Stagione di cambiamenti, anche, che guardano ad un nuovo modo di interpretare i rapporti sociali ed economici, nel tentativo di offrire speranze di riassetto di un Paese che vuole tornare a vivere e che chiede di essere protagonista, pur nella sua debole credibilità politica che si pesa ogni giorno. Eppure, di fronte a tali intenzioni, alla voglia di cambiare che si respira, anche se debolmente, dovunque in Calabria questa voglia sembra essere ancora più timida. Al di là delle intenzioni manifestate nelle occasioni più disparate, andando oltre il politicamente corretto delle istituzioni, sembra che si continui a preferire lo stare a guardare, magari preoccupandosi di curare le ferite dovute alle mai troppe indagini su una Calabria criminale, oppure facendosene una ragione sulle incapacità di molti comuni di funzionare in termini di servizi e di sostegno alla collettività, o facendo si che il territorio sopravviva suo malgrado alle incurie e all’abbandono.

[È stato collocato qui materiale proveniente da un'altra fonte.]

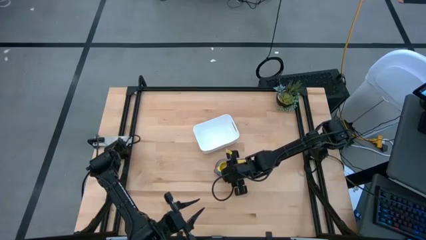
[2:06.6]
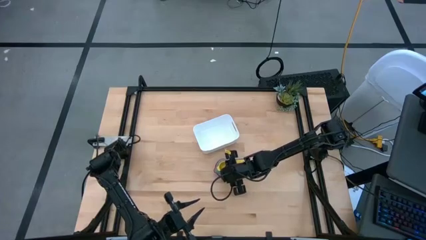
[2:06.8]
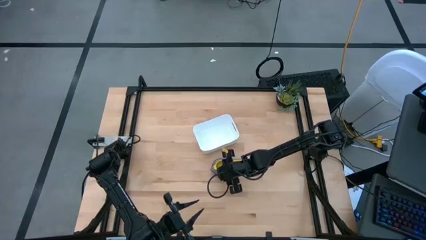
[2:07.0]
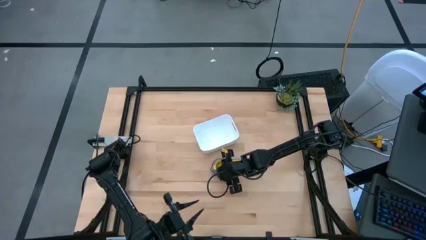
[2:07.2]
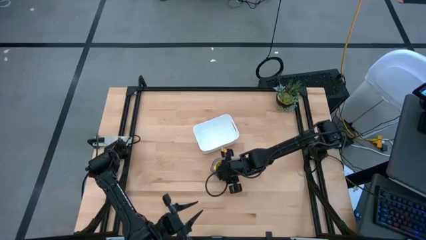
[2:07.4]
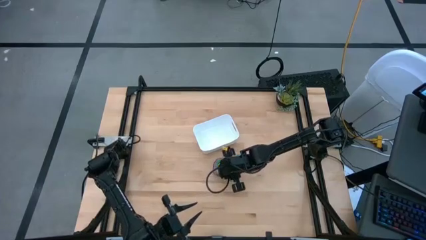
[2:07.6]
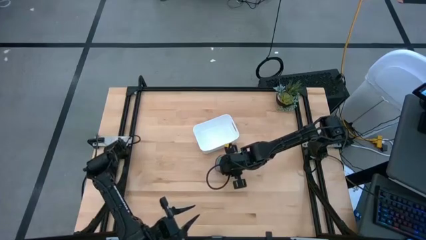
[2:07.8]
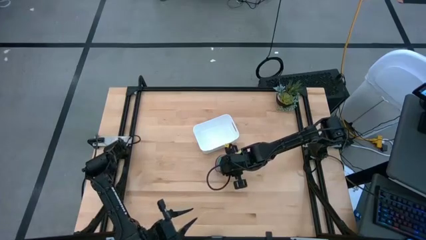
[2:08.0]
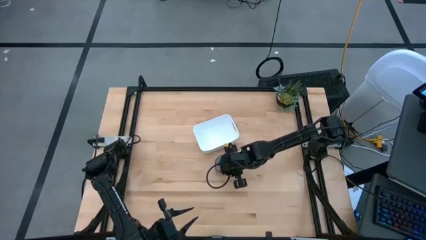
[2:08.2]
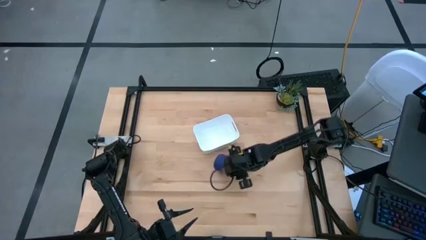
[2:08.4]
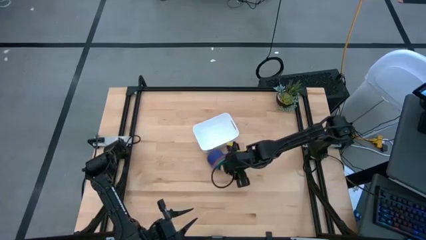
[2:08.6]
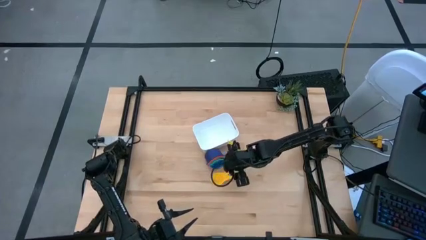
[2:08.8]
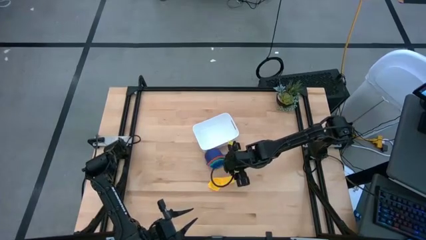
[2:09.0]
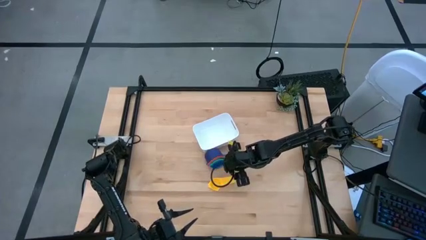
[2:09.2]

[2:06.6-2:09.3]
Put the stacked measuring cups into the bin

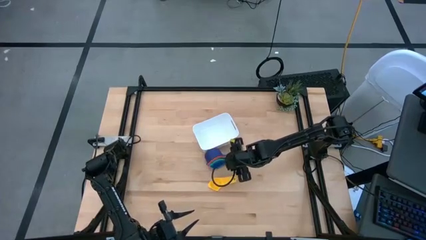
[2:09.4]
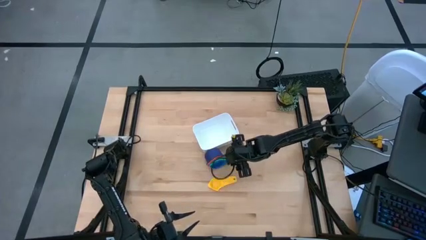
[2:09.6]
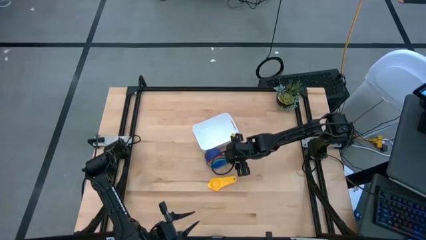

In questo senso, sembra che ad ogni buona intenzione debba sempre corrispondere una negazione della stessa. Una sorta di remissivo senso del presente che non smarca nulla del futuro. Una rassegnata interpretazione di una Calabria immobile che seppellisce ogni piccola luce che si muove nella cultura o nel turismo, privando se stessa di un’idea di protagonismo affidato solo a promozioni d’occasione. Ogni sforzo, ogni tentativo condotto verso la meta di un orizzonte di luce, rischia di trovarsi poi impantanato in un quotidiano che ricolloca ogni speranza all’interno di una statica consapevolezza dell’essere. E, in questo, ogni espressione del conservatorismo, sia esso culturale che istituzionale, ristabilisce l’ennesimo falso equilibrio tra ciò che si poteva fare e ciò che va lasciato così com’è.

Turismo, sviluppo, promozione culturale, cura dei luoghi e delle memorie, partecipazione e allargamento del gioco politico a chi è più capace, diventano le vittime illustri di una nuova stagione verghiana dove tutto sembra essere pronto per il cambiamento, ma è solo apparenza. La crescita di una terra e della sua società cammina nella percezione che ognuno di noi ha di essa quando vi percorre le strade, quando passeggia sulle spiagge o quando fa la coda in un ospedale. Quando sente il bisogno di uscire dal guscio protettivo di una società che lo avvolge con piccole certezze ma che, in realtà, lo ipnotizza sull’oggi lasciando il domani dietro porte difficili da aprire.

In questo sembra ancora una volta, tra piccole trasparenze e molte torbide acque, che la Calabria voglia essere nemesi di se stessa non ricercando successi e non preoccupandosi di difendersi dall’onta del crimine quanto della criminalizzazione, dai luoghi comuni che la pongono nell’immaginario collettivo come luogo dove tutto è possibile, lasciando che essa alla fine essa sia prezzemolo di molte, amare, ministre.